Disputes over reimbursement are common in the healthcare industry, and best resolved as are other business disputes: between the two organizations through good faith mediation and arbitration, and through the courts if necessary. Part of how Prime operates is to cancel all payment contracts from health plans, a move which sets up these kinds of disputes over payment. These patients came to a Prime Healthcare-owned hospital seeking emergency medical care, and these patients now find themselves being put in the middle of this dispute created by Prime.
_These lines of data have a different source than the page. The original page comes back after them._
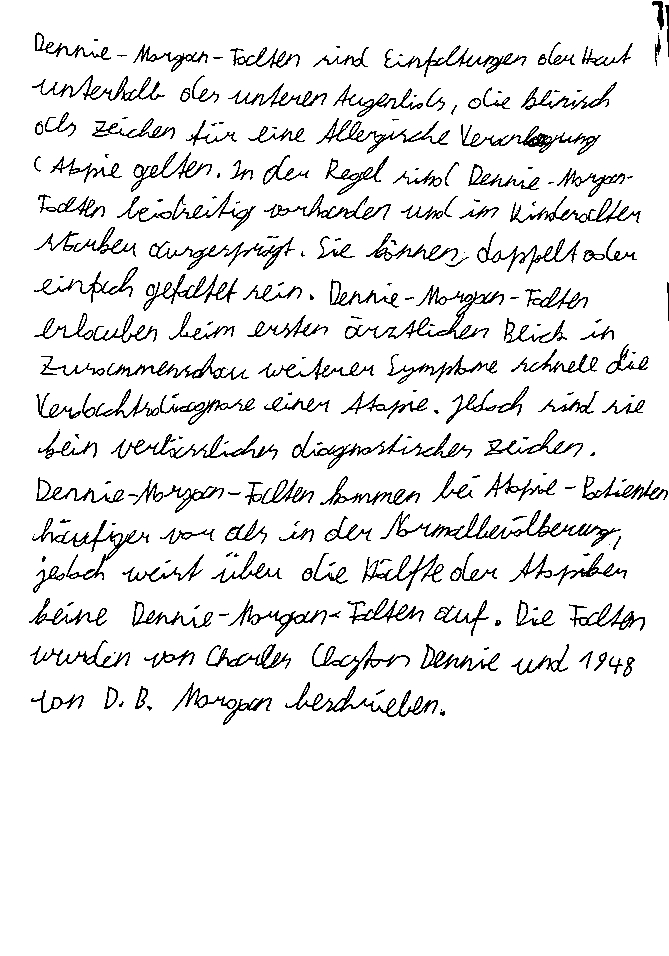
Dennie-Morgan-Falten sind Einfaltungen der Haut
unterhalb des unteren Augenlids, die klinisch
als Zeichen für eine Allergische Veranlagung
(Atopie gelten. In der Regel sind Dennie-Morgan-
Falten beidseitig vorhanden und im Kindesalter
stärker ausgeprägt. Sie können doppelt oder
einfach gefaltet sein. Dennie-Morgan-Falten
erlauben beim ersten ärztlichen Blick in
Zusammenschau weiterer Symptome schnell die
Verdachtsdiagnose einer Atopie. Jedoch sind sie
kein verlässliches diagnostisches Zeichen.
Dennie-Morgan-Falten kommen bei Atopie-Patienten
häufiger vor als in der Normalbevölkerung,
jedoch weist über die Hälfte der Atopiker
keine Dennie-Morgan- Falten auf. Die Falten
wurden von Charles Clayton Dennie und 1948
von D.B. Morgan beschrieben.

One reason for the disputes about payment is that Prime often charges patients at levels higher than other community levels. For example, in Prime's Desert Valley hospital, costs for drug-eluting stents increased from $16,000 in 2005 to $63,900 in 2006. A comparison of other Southern California hospitals by the CA Office of Statewide Health Planning and Development found no other hospital charging more than $14,260 for a drug-eluting stent. The same ChargeMaster data shows costs for a one-day use of a mechanical ventilator went up from $256 in 2005 to $6,144 in 2006, an increase of over 2,000 percent in one year. Costs for a urine drug screen went from $38 in 2005 to $134 in 2006, an increase of over 250 percent. Kaiser Permanente has already paid Prime Healthcare Services more than $18 million for services in 2007 alone. Prime is now seeking over $25 million more. Once the disagreement with Prime is determined by the courts, Kaiser Permanente will pay the proper amounts, as determined by the courts, to settle these claims.
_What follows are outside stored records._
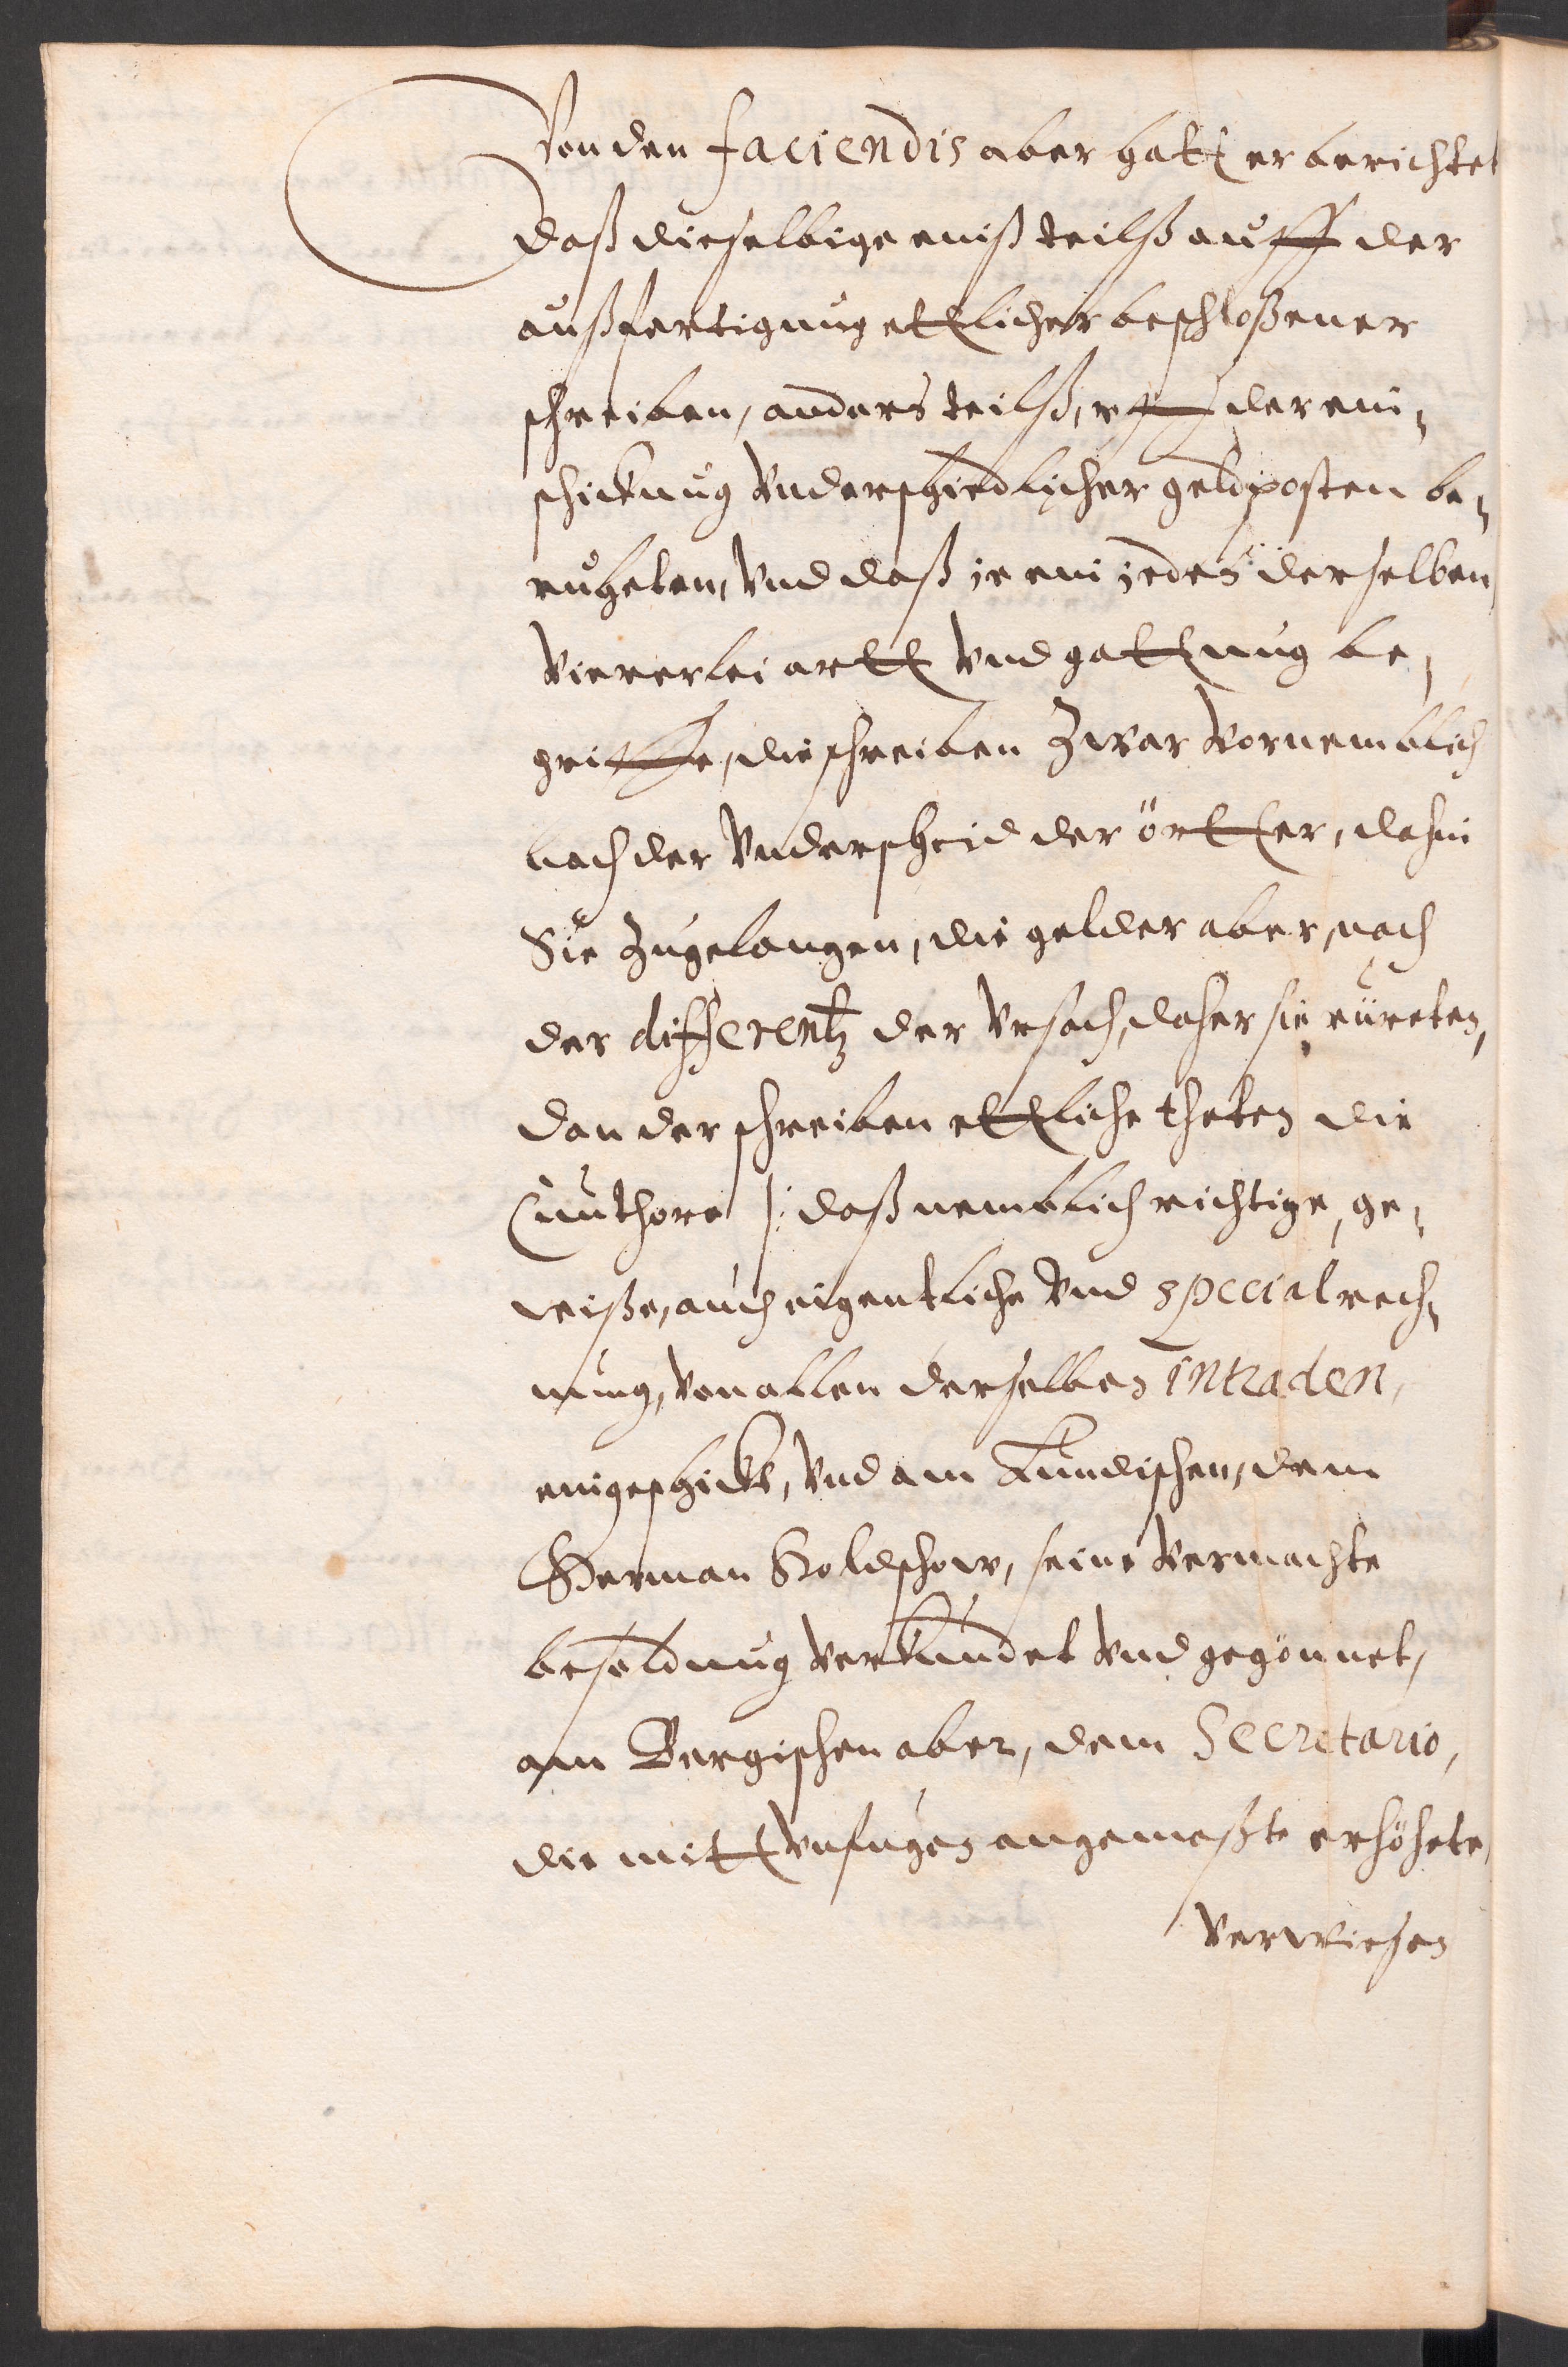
Von den faciendis aber hatt er berichtet
Daß dieselbigen einßteilß auff der
außfertigung ettlicher beschloßener
schreiben, anders teilß, vff der ein¬
schickung vnderschiedlicher geldposten be¬
ruheten, vnd daß ie ein iedes derselben,
viererlei artt vnd gattung be¬
griffe, die schreiben zwar vornemblich
nach der vnderschied der örtter, dahin
Sie zugelangen, die gelder aber, nach
der differentz der vrsach, daher sie rüreten,
dan der schreiben ettliche thaten die
Cunthore /: daß nemblich richtige, ge¬
wiße, auch eigentliche vnd special rech¬
nung, von allen derselben intraden,
eingeschickt, vnd am Lundischen, dem
Herman Holdschow, seine vermachte
besoldung verkundet vnd gegönnet,
am Bergischen aber, dem Secretario,
die mitt vnfugen angemaßte erhöhete
verwiesen

Additionally, Prime's hospitals have refused to notify Kaiser Permanente when our patients arrive at a Prime facility, which is a violation of the law. We expect every non-Kaiser Permanente hospital that sees our members in their ERs to medically screen and stabilize our members' medical condition as required by law. We have a system for prompt doctor-to-doctor telephone consultation between Kaiser Permanente physicians and community physicians. This consultation allows Kaiser Permanente physicians to provide relevant information from the member's medical record to the non-Kaiser Permanente providers to help them treat our members effectively. Kaiser Permanente pays more than $1.2 billion each year to non-Kaiser Permanente hospitals in California for emergency and related care received by our members. Unlike the vast majority of hospitals in California, Prime Healthcare hospitals do not take advantage of the critical patient information that Kaiser Permanente can provide to physicians treating patients in emergency situations.
Prime Healthcare's hospitals are wrongly attempting to collect funds that either will be paid by Kaiser Permanente (upon resolution of these cases) or rendered unnecessary by the court's rulings. If you received one of these letters as a Kaiser Permanente member, please let us know by calling our member services department, providing us with a copy of the letter, and we will keep you informed of our actions to prevent this wrong-headed effort by Prime Healthcare.